Third, the outbreak of the next pandemic is likely to gain a foothold in disorderly regions where humans are vulnerable due to war, dislocations, poverty, malnutrition, chronic diseases, polluted water, unsafe food, and inadequate healthcare facilities and infrastructure making a disease surveillance regimen difficult. Once established in a human population in such a place, the spread can be rapid.

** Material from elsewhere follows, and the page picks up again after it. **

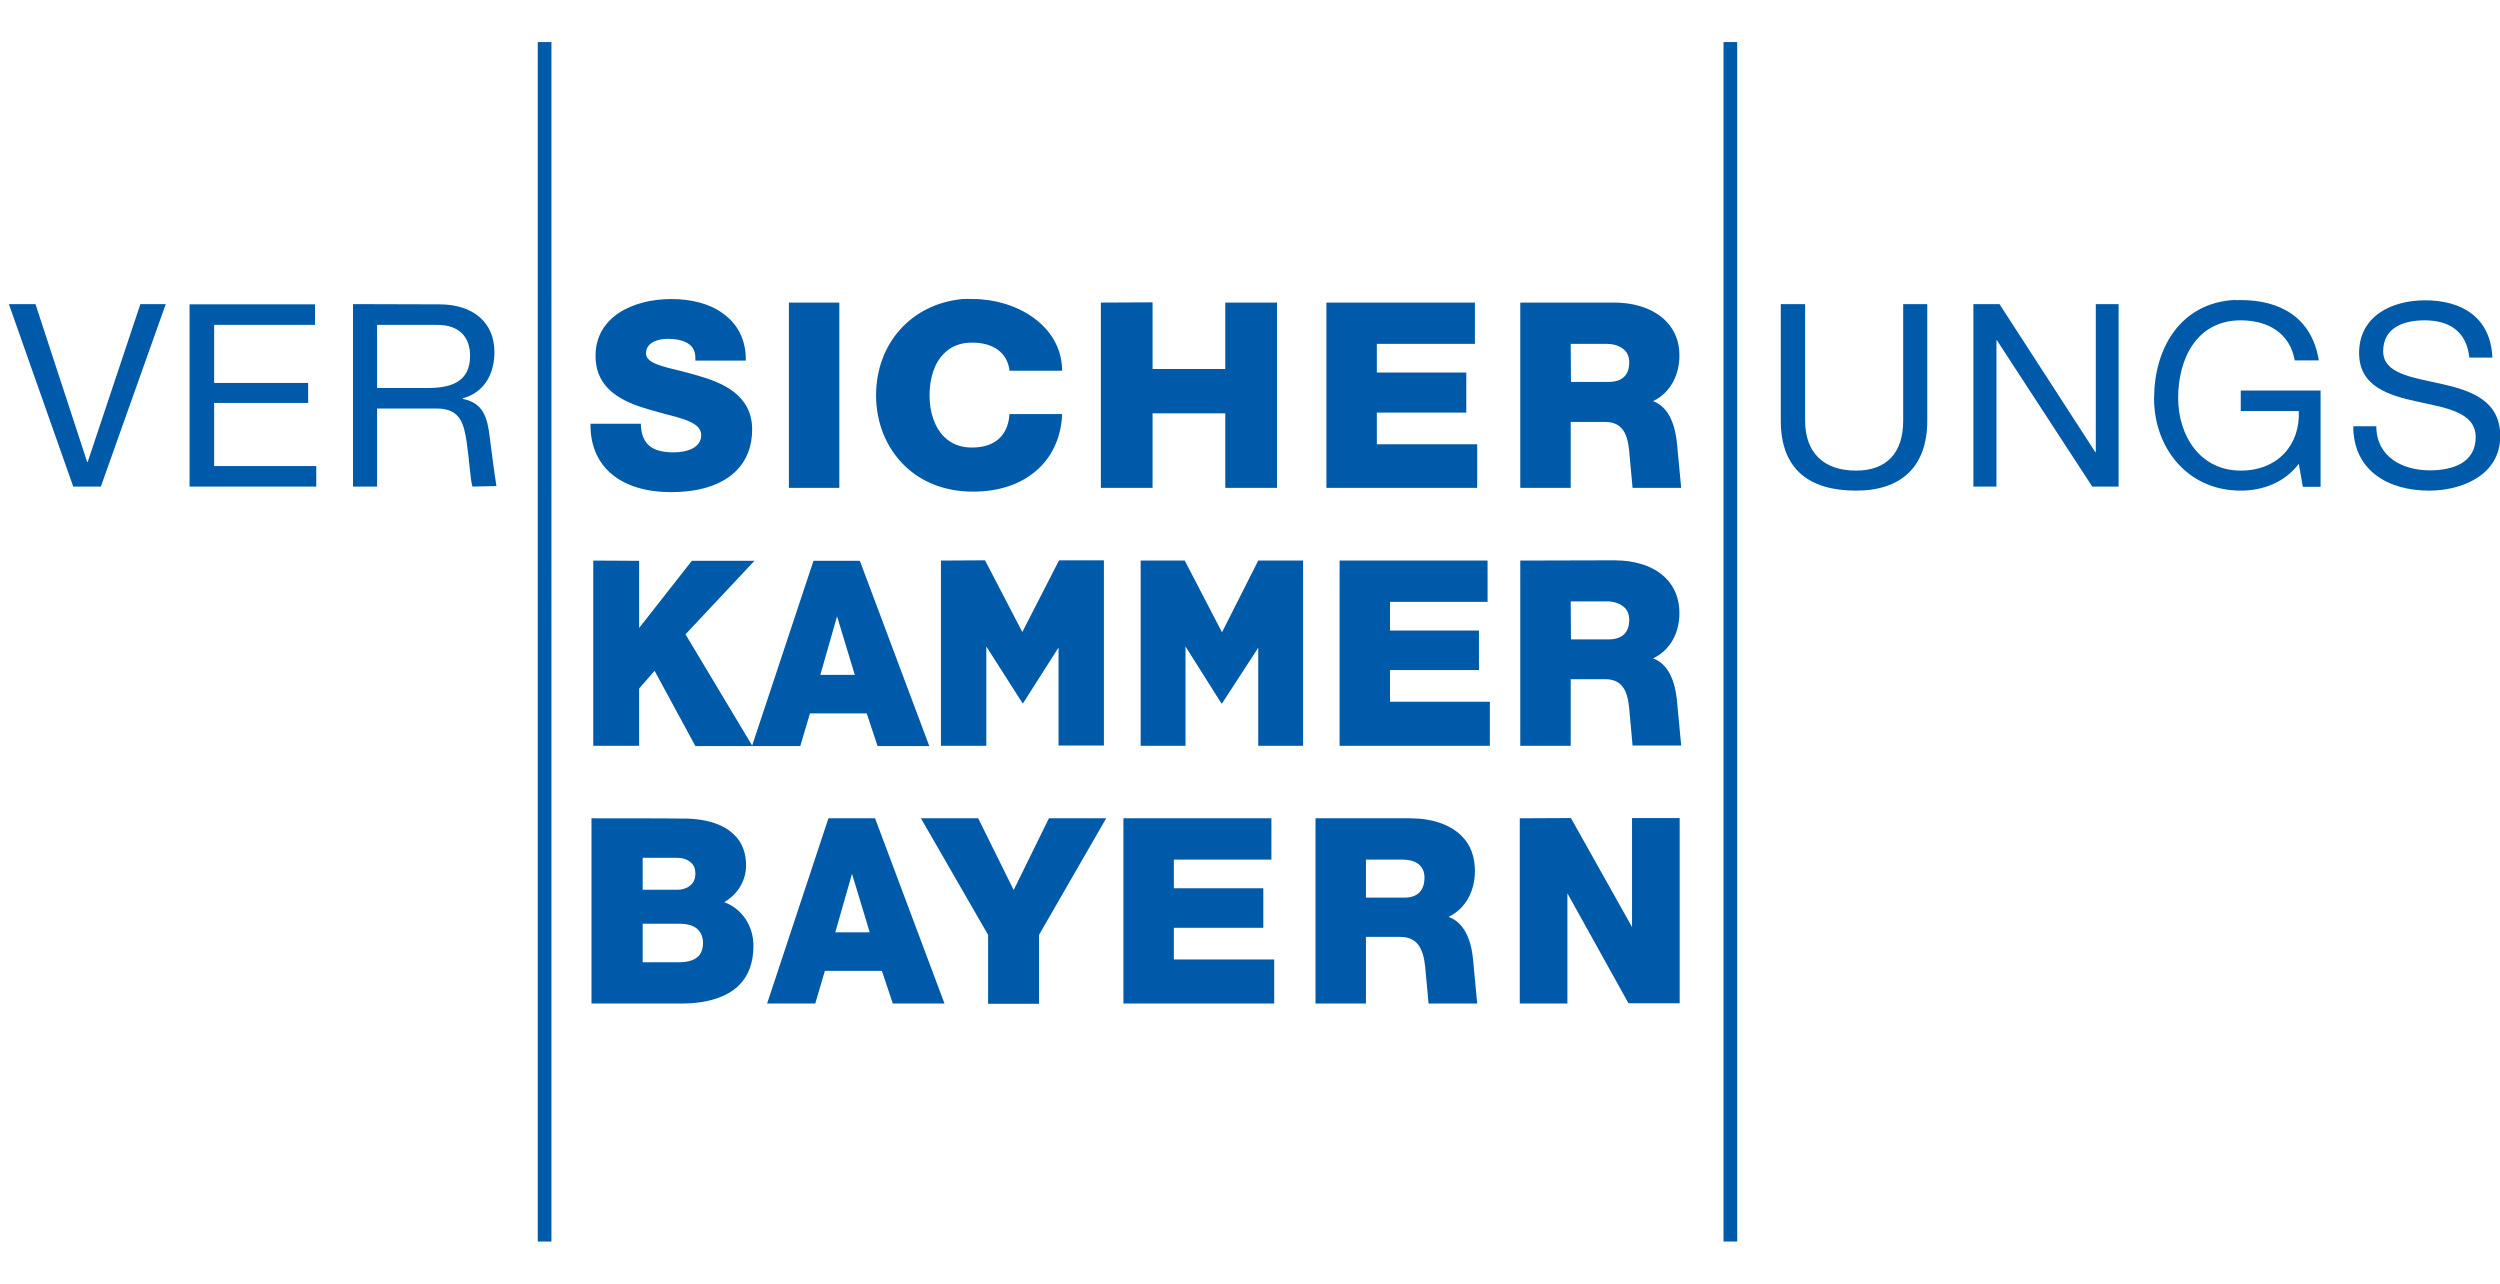 <svg xmlns:svg="http://www.w3.org/2000/svg" xmlns="http://www.w3.org/2000/svg" xmlns:xlink="http://www.w3.org/1999/xlink" id="svg3236" x="0px" y="0px" viewBox="0 0 986.5 506.5" style="enable-background:new 0 0 986.5 506.5;" xml:space="preserve"><style type="text/css">	.st0{fill:#005AAA;}</style><path id="path2614" class="st0" d="M212.2,16.6v473.3h5.4V16.6H212.2z M680.1,16.6v473.3h5.4V16.6H680.1z M264.9,118  c-14.9,0-29.9,6.9-29.9,22.4c0,13.4,10.9,18.3,21.5,21.3c1.9,0.5,3.9,1.1,5.7,1.6c7.9,2,14.5,3.7,14.5,8.4c0,5-5.6,6.8-10.9,6.8  c-8.6,0-12.5-3.3-12.9-10.6v-0.7H233v0.7c0.1,16.5,12.1,26.3,31.9,26.3c7.9,0,18.7-1.5,25.6-8.4c4.1-4.1,6.3-9.6,6.3-16.3  c0-13.6-11.6-18.5-21.5-21.3c-2.2-0.6-4.4-1.3-6.6-1.8c-7.4-1.8-13.8-3.1-13.8-7c0-1.3,0.5-2.5,1.4-3.4c2-2,5.8-2.3,7.2-2.3  c2.4,0,6.8,0.3,9.3,2.9c1.2,1.3,1.7,3.2,1.6,5.2v0.5h19.9v-0.5c0-7.7-3.2-14.1-9.3-18.3C279.9,119.8,272.7,118,264.9,118z   M379.9,118c-20,1.8-34.2,17.3-34.2,38c0,10.7,3.9,20.4,10.9,27.4S373.1,194,384,194c20.3,0,34-11.7,35.1-29.9v-0.7h-20.8v0.5  c-0.7,8.2-6,12.7-14.7,12.7c-4.6,0-8.2-1.4-11.1-4.3c-3.6-3.6-5.7-9.4-5.7-16.3s2-12.9,5.7-16.5c2.9-2.9,6.5-4.3,11.1-4.3  c8.3,0,13.7,3.9,14.7,10.6v0.5h20.8v-0.7c-0.5-17.4-18.3-27.6-35.1-27.6C382.6,118,381.2,117.9,379.9,118z M879.9,118.5  c-20,2.1-29.9,19.3-29.9,38.9c0,18.7,12.7,36.2,34.2,36.2c8.5,0,17.3-3.1,22.9-10.6l1.6,9.1h7v-38h-31.5v8.1h22.9  c0.6,13.1-8.1,23.5-22.9,23.5c-16,0-24.7-13.7-24.7-28.7c0-15.4,7.3-30.6,24.7-30.6c10.7,0,19.4,5,21.3,15.8h9.5  c-2.7-16.8-15.1-23.8-30.8-23.8C882.8,118.5,881.3,118.3,879.9,118.5z M956.9,118.5c-13.1,0-26,6.2-26,20.8  c0,13.2,11.6,16.7,23.1,19.2s22.9,4.2,22.9,14c0,10.4-9.5,13.1-18.1,13.1c-10.9,0-21.1-5.4-21.1-17.4h-9.1  c0,17.5,13.8,25.4,29.9,25.4c13.1,0,28.1-6.2,28.1-21.5c0-14.1-11.6-18-23.1-20.6c-11.6-2.6-23.1-4-23.1-12.9  c0-9.4,8.2-12.2,16.3-12.2c9.9,0,16.6,4.4,17.7,14.7h9.1C982.8,125.3,971.6,118.5,956.9,118.5z M311.3,119.4v73.1h19.9v-73.1  C331.2,119.4,311.3,119.4,311.3,119.4z M434.4,119.4v73.1h20.4v-29.4h28.7v29.4h20.4v-73.1h-20.4v26.2h-28.7v-26.3L434.4,119.4  L434.4,119.4z M523.4,119.4v73.1h59.5v-17.2h-39.6v-12.5h35.3V147h-35.3v-11.3H582v-16.3L523.4,119.4L523.4,119.4z M599.9,119.4  v73.1h19.9v-26h13.6c8.2,0,9.2,6.9,9.7,14c0.1,0.6,1.1,12,1.1,12h19.2c0,0-1.5-15.5-1.6-16.8c-0.8-9.4-4-15.4-9.5-17.4  c6.5-3.1,10.4-9.9,10.4-18.1c0-5.6-1.9-10-5.4-13.6c-4.6-4.6-11.8-7.2-20.4-7.2H599.9z M3.5,120l25.4,72h10.9l25.6-72h-10  l-20.8,62.3h-0.2L14,120H3.5z M74.8,120v72h50v-8.1H84.5V159h37.1v-7.9H84.5v-22.9h39.8v-8.1H74.8V120z M139.3,120v72h9.5v-30.8  h23.5c9.3,0,10.7,5.9,11.8,12.9c1.1,7.3,1.4,14.4,2.3,17.9l9.5-0.2c-1-6.1-1.8-12.8-2.7-19.7c-0.9-7-2.3-13.1-10.6-14.7v-0.2  c8.6-2.4,12.5-9.7,12.5-18.3c0-11.5-8.2-18.8-21.7-18.8L139.3,120L139.3,120L139.3,120z M702.7,120v46c0,19.1,11.1,27.6,29.7,27.6  c17.9,0,28.1-9.5,28.1-27.6v-46H751v46c0,12.7-6.5,19.7-18.6,19.7c-12.7,0-20.1-7-20.1-19.7v-46C712.3,120,702.7,120,702.7,120z   M778.7,120v72h9.1v-57.7h0.2l37.6,57.7H836v-72h-9v58.4h-0.2L789,120H778.7L778.7,120z M148.8,128.2h23.8c9,0,12.9,5.2,12.9,12.2  c0,10.5-7.8,12.7-16.8,12.7h-19.9V128.2z M619.8,135.7h14.3c3,0,5.5,1,7,2.5c1.2,1.2,1.8,2.8,1.8,4.8c0,5.1-2.9,7.7-8.1,7.7h-14.9  L619.8,135.7L619.8,135.7z M234.1,221.2v73.1h18.1v-22.6l6.1-7l16.1,29.7H297h18.8l3.8-12.9H342l4.3,12.9h20.4l-27.4-73.1H321  l-24.2,72.9l-26.3-43.9l27.2-29H273l-20.8,26.5v-26.5L234.1,221.2L234.1,221.2L234.1,221.2z M371.3,221.2v73.1h17.9v-39.2l14.3,22.4  h0.2l14-22v38.7h17.9v-73.1h-17.7l-14.5,28.3l-14.7-28.3L371.3,221.2L371.3,221.2z M450.1,221.2v73.1h17.7v-39.2l14.2,22.5h0.2  l14.3-22v38.7h17.7v-73.1h-17.7l-14.3,28.3l-14.7-28.3L450.1,221.2L450.1,221.2z M528.6,221.2v73.1h59.3v-17.4h-39.4v-12.5h35.1  v-15.6h-35.1v-11.3H587v-16.3L528.6,221.2L528.6,221.2z M599.9,221.2v73.1h19.9V268h13.6c8.2,0,9.2,6.9,9.7,14  c0.1,0.6,1.1,12.2,1.1,12.2h19.2c0,0-1.5-15.7-1.6-17c-0.8-9.4-4-15.4-9.5-17.4c6.5-3.1,10.4-9.7,10.4-17.9c0-5.6-1.9-10.3-5.4-13.8  c-4.6-4.6-11.8-7-20.4-7L599.9,221.2L599.9,221.2z M619.8,237.3h14.3c3,0,5.5,1,7,2.5c1.2,1.2,1.8,2.8,1.8,4.8  c0,5.1-2.9,7.7-8.1,7.7h-14.9L619.8,237.3L619.8,237.3z M330.3,243.2l7,23.1h-13.6L330.3,243.2z M233.4,322.9V396h35.3  c10.4,0,18.1-2.5,22.9-7.2c3.8-3.8,5.7-8.9,5.7-15.6c0-7.9-4.5-14.6-11.5-17.2c5.4-3.2,8.6-8.6,8.6-14.5c0-5.1-1.6-9.2-4.8-12.2  c-4.4-4.3-11.6-6.5-21.7-6.3C267.9,322.9,233.4,322.9,233.4,322.9z M326.9,322.9L302.7,396h19l3.8-12.9H348l4.3,12.9h20.4  l-27.4-73.1H326.9z M363.4,322.9l26.5,46v27.2H410v-27.2l26.5-46h-22.6L400,351.2l-14-28.3H363.4L363.4,322.9z M443.3,322.9V396  h59.5v-17.4h-39.6v-12.5h35.3v-15.6h-35.3v-11.3h38.5v-16.3H443.3L443.3,322.9z M519.1,322.9V396H539v-26.3h13.6  c8.2,0,9.5,7.1,10,14.3c0.1,0.6,1.1,12,1.1,12h19.2c0,0-1.5-15.7-1.6-17c-0.8-9.4-4.2-15.2-9.7-17.2c6.5-3.1,10.4-9.9,10.4-18.1  c0-5.6-1.7-10.3-5.2-13.8c-4.6-4.6-11.8-7-20.4-7H519.1z M599.7,322.9V396h18.8v-43.5l24,43.2l0.2,0.2h20.1v-73.1h-18.1H644v43  L620,323l-0.2-0.2L599.7,322.9L599.7,322.9z M253.6,338.5h13.8c1.6,0,3.9,0.5,5.4,2c1.1,1.1,1.6,2.4,1.6,4.3c0,4.9-4.4,6.3-7,6.3  h-13.8L253.6,338.5L253.6,338.5z M539,339.2h14.3c3,0,5.5,0.7,7,2.3c1.2,1.2,1.8,2.8,1.8,4.8c0,5.1-2.7,7.9-7.9,7.9H539V339.2z   M336.2,344.8l7,23.1h-13.6L336.2,344.8z M253.6,364.5h14.3c3.4,0,5.9,0.7,7.5,2.3c1.3,1.3,2,3.1,2,5.4c0,5-3.2,7.5-9.5,7.5h-14.3  L253.6,364.5L253.6,364.5z"></path></svg>

Fourth, experts worry about several animal species in particular as possible threats. Avian populations are often carriers of disease, notably influenza. In many cultures, fowl raised for food are a worry due to their close proximity to humans. Migratory birds have the capacity to spread a disease more widely.

Another worry is bats, known to harbor Ebola, Hendra, and Marburg viruses. A peculiarity of their immune systems apparently protects bats from such viruses while still allowing them to spread their deadly cargo to other species, like us.

Finally, the course a likely pandemic will take can be anticipated. A virus in bats, birds, or non-human primates will mutate, possibly by the mingling of several strains in a reservoir population, into something new and dangerous to humans.

Viruses that reside in the liver, central nervous system or respiratory tract are more likely to be transmitted to humans and a class of viruses without a lipid coating is more likely be the culprit because it can remain infectious for longer in air, water, or on surfaces.

In stage one, a virus from a reservoir species like bats or monkeys will be transmitted to farm animals like cows, sheep or fowl. In stage two, it will leap from animal to human but will remain localized. In stage three, the disease will spread widely to become a pandemic. Once this might have taken years. In our time, air travel makes the possibility of rapid spread to global proportions far more likely.

If all of that isn’t enough to keep you up at night, climate change will make the dangers worse. The range of mosquitos that carry tropical diseases like malaria, dengue, West Nile and Zika is now expanding as average temperatures rise.

The same mosquito species that carries Dengue is now found as far north in America as the Carolinas and Virginia. Malaria which causes several hundred million people to become ill annually in the tropics is now creeping farther north in the Caribbean, Central America, and beyond.

Recently, 11,000 cases of Dengue Fever, usually associated with sweltering places like India and Bangladesh, have been reported in Nepal. It is only a matter of time until billionaires, chatting about the loss of their beach houses to rising seas, contract a tropical disease at the annual alpine meeting in Davos.

What is to be done? Vigilance, of course, is essential, especially in places likely to be the source of an outbreak. These include Egypt and much of Asia where fowl are kept in close proximity to people. Scientists are trying to get better at estimating which viruses are most likely to mutate or leap to humans.

Unfortunately, America’s Isolationist-in-Chief has acted to reduce funding for medical research and has decreed that study and research in foreign countries be defunded. Yet that is where the pandemic danger will originate and with luck could be isolated before the spread.

How risky is this kind of xenophobic game? Several waves of plague, especially those beginning in 542 AD and 1346 AD originated in the East and moved to Europe. Each lasted several hundred years and killed between a third and half of the population.

Smallpox has been identified as early as 1,100 BC. Before a treatment was discovered, it killed a third of all those infected. As late as the eighteenth century it still killed, crippled, disfigured or blinded 10% of the population of Europe.

The so-called Spanish Flu of 1918 is believed to have sickened one billion people around the world and to have killed 50 million or more in a single year. An equally virulent virus today would infect five billion and kill 250 million.

Perhaps we should be doing more, not less, to detect, isolate, and stop the next pandemic before it can spread. But foresight is far less prevalent in humans that emerging diseases in nature.